Dataset entries

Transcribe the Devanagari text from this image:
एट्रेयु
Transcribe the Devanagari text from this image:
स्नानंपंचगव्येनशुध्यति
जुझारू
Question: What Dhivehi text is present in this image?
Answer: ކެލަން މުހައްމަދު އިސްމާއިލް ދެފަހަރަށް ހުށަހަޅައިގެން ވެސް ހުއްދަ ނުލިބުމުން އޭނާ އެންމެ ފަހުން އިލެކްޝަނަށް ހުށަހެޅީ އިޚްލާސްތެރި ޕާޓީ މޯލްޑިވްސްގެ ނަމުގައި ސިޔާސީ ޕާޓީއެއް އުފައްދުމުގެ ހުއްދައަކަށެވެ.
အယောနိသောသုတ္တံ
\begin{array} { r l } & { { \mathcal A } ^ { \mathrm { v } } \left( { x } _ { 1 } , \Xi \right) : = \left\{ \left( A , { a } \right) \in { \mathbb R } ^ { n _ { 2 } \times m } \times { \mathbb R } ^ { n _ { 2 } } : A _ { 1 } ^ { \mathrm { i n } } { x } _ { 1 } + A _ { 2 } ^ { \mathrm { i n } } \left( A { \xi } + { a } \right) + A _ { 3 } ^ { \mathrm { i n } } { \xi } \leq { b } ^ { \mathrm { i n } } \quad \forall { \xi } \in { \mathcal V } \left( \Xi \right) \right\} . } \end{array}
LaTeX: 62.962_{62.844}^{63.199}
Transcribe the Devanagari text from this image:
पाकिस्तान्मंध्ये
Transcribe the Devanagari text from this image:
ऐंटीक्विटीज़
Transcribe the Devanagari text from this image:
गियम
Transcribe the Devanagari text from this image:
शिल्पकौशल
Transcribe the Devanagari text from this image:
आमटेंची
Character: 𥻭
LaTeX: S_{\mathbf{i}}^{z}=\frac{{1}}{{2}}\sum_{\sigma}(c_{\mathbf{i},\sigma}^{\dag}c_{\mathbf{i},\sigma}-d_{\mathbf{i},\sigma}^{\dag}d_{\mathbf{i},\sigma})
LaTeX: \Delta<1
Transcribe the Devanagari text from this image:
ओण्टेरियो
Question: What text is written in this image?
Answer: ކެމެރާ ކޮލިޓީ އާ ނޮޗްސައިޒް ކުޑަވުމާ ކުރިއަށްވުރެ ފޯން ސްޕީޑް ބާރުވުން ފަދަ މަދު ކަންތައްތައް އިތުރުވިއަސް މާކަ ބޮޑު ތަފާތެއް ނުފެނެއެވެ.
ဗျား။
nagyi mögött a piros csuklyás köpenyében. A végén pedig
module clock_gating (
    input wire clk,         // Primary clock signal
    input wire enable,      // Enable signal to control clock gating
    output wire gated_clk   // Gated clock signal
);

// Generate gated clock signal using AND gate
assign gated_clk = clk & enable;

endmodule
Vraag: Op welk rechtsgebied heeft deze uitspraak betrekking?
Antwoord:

→ PROBLEM TO WORK ON
Nothing is to be left out, and every entry is to be transcribed exactly.

→ EXERCISE SOLUTION
Transcribe the Devanagari text from this image:
एट्रेयु
Transcribe the Devanagari text from this image:
स्नानंपंचगव्येनशुध्यति
जुझारू
Question: What Dhivehi text is present in this image?
Answer: ކެލަން މުހައްމަދު އިސްމާއިލް ދެފަހަރަށް ހުށަހަޅައިގެން ވެސް ހުއްދަ ނުލިބުމުން އޭނާ އެންމެ ފަހުން އިލެކްޝަނަށް ހުށަހެޅީ އިޚްލާސްތެރި ޕާޓީ މޯލްޑިވްސްގެ ނަމުގައި ސިޔާސީ ޕާޓީއެއް އުފައްދުމުގެ ހުއްދައަކަށެވެ.
အယောနိသောသုတ္တံ
\begin{array} { r l } & { { \mathcal A } ^ { \mathrm { v } } \left( { x } _ { 1 } , \Xi \right) : = \left\{ \left( A , { a } \right) \in { \mathbb R } ^ { n _ { 2 } \times m } \times { \mathbb R } ^ { n _ { 2 } } : A _ { 1 } ^ { \mathrm { i n } } { x } _ { 1 } + A _ { 2 } ^ { \mathrm { i n } } \left( A { \xi } + { a } \right) + A _ { 3 } ^ { \mathrm { i n } } { \xi } \leq { b } ^ { \mathrm { i n } } \quad \forall { \xi } \in { \mathcal V } \left( \Xi \right) \right\} . } \end{array}
LaTeX: 62.962_{62.844}^{63.199}
Transcribe the Devanagari text from this image:
पाकिस्तान्मंध्ये
Transcribe the Devanagari text from this image:
ऐंटीक्विटीज़
Transcribe the Devanagari text from this image:
गियम
Transcribe the Devanagari text from this image:
शिल्पकौशल
Transcribe the Devanagari text from this image:
आमटेंची
Character: 𥻭
LaTeX: S_{\mathbf{i}}^{z}=\frac{{1}}{{2}}\sum_{\sigma}(c_{\mathbf{i},\sigma}^{\dag}c_{\mathbf{i},\sigma}-d_{\mathbf{i},\sigma}^{\dag}d_{\mathbf{i},\sigma})
LaTeX: \Delta<1
Transcribe the Devanagari text from this image:
ओण्टेरियो
Question: What text is written in this image?
Answer: ކެމެރާ ކޮލިޓީ އާ ނޮޗްސައިޒް ކުޑަވުމާ ކުރިއަށްވުރެ ފޯން ސްޕީޑް ބާރުވުން ފަދަ މަދު ކަންތައްތައް އިތުރުވިއަސް މާކަ ބޮޑު ތަފާތެއް ނުފެނެއެވެ.
ဗျား။
nagyi mögött a piros csuklyás köpenyében. A végén pedig
module clock_gating (
    input wire clk,         // Primary clock signal
    input wire enable,      // Enable signal to control clock gating
    output wire gated_clk   // Gated clock signal
);

// Generate gated clock signal using AND gate
assign gated_clk = clk & enable;

endmodule
Vraag: Op welk rechtsgebied heeft deze uitspraak betrekking?
Antwoord:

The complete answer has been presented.